Data extracted from a collection:
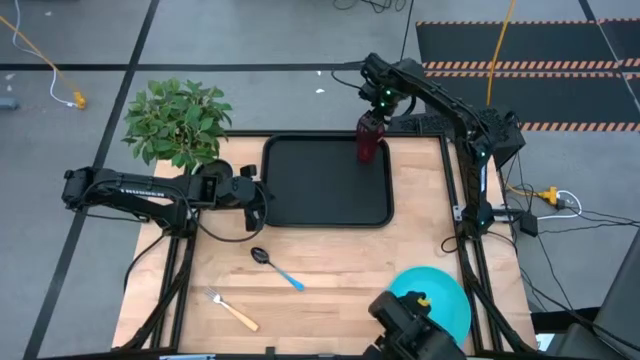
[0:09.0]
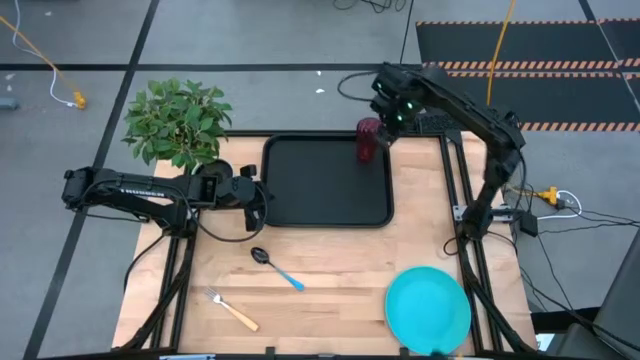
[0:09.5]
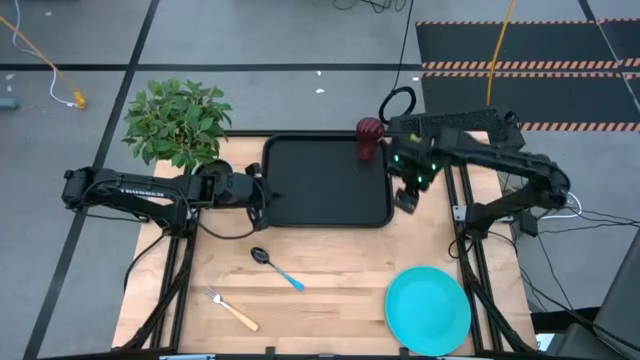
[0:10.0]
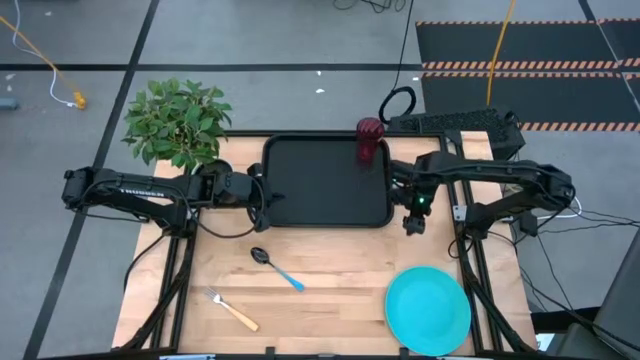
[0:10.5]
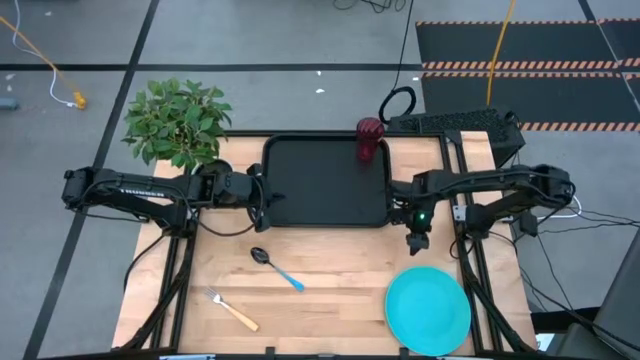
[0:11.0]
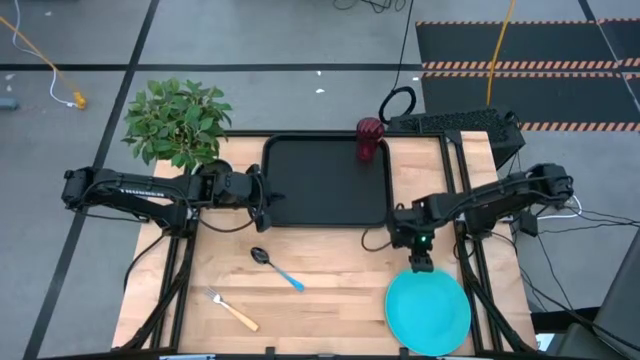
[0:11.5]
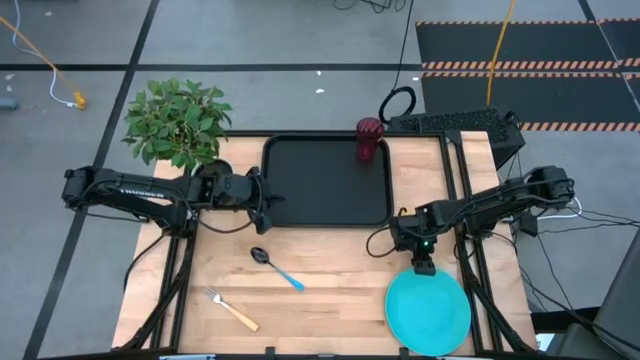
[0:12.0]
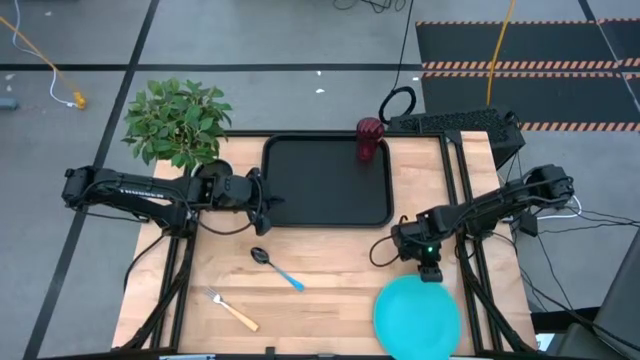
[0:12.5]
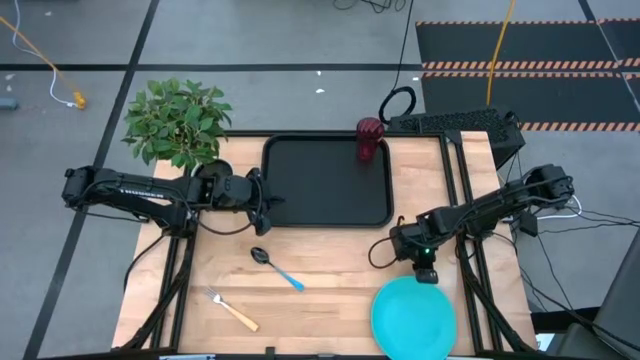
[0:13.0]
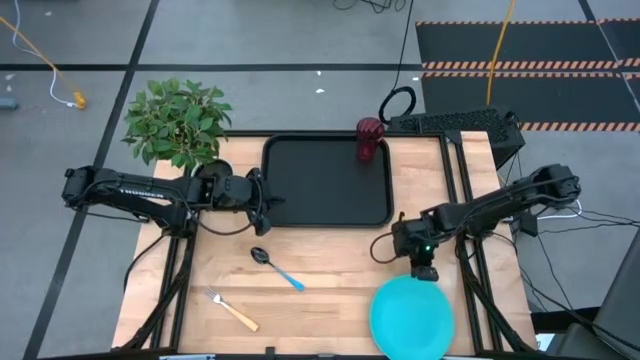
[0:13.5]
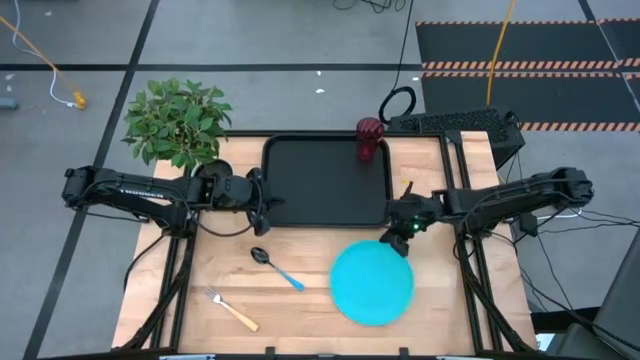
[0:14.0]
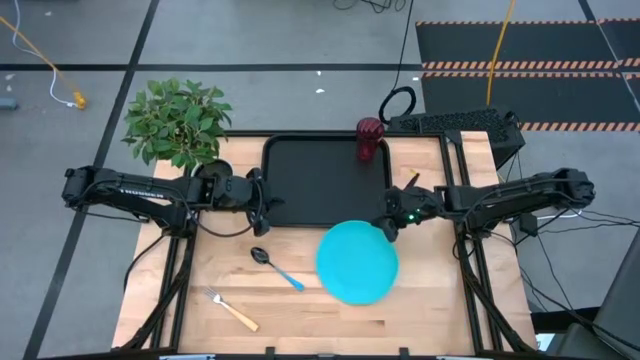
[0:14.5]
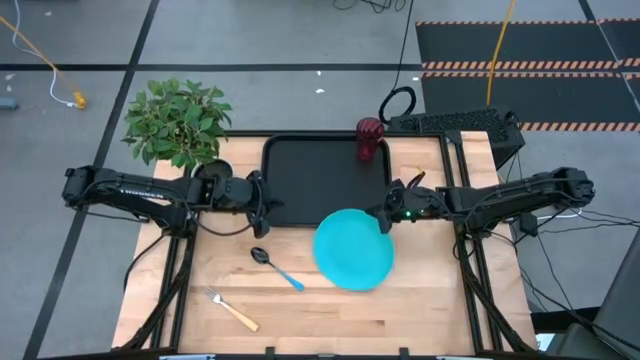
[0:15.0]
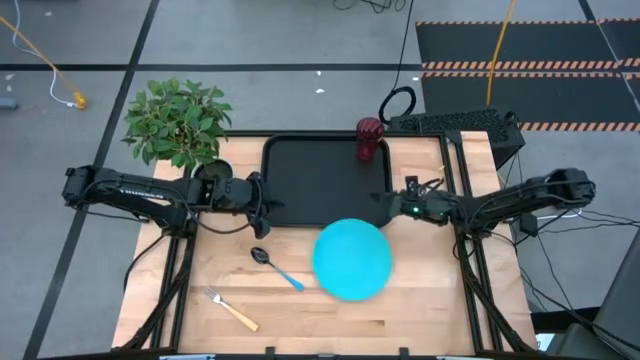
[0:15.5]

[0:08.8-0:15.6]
Task: Pick and place plate/cup/fork/spoon on tray
Put the blue plate on the black serving tray to the bottom right of the red cup

Problem details: Although the records contain pictures, the output must hold only their exact wording.

Solution to the problem:
[0:09.0]
[0:09.5]
[0:10.0]
[0:10.5]
[0:11.0]
[0:11.5]
[0:12.0]
[0:12.5]
[0:13.0]
[0:13.5]
[0:14.0]
[0:14.5]
[0:15.0]
[0:15.5]

[0:08.8-0:15.6]
Task: Pick and place plate/cup/fork/spoon on tray
Put the blue plate on the black serving tray to the bottom right of the red cup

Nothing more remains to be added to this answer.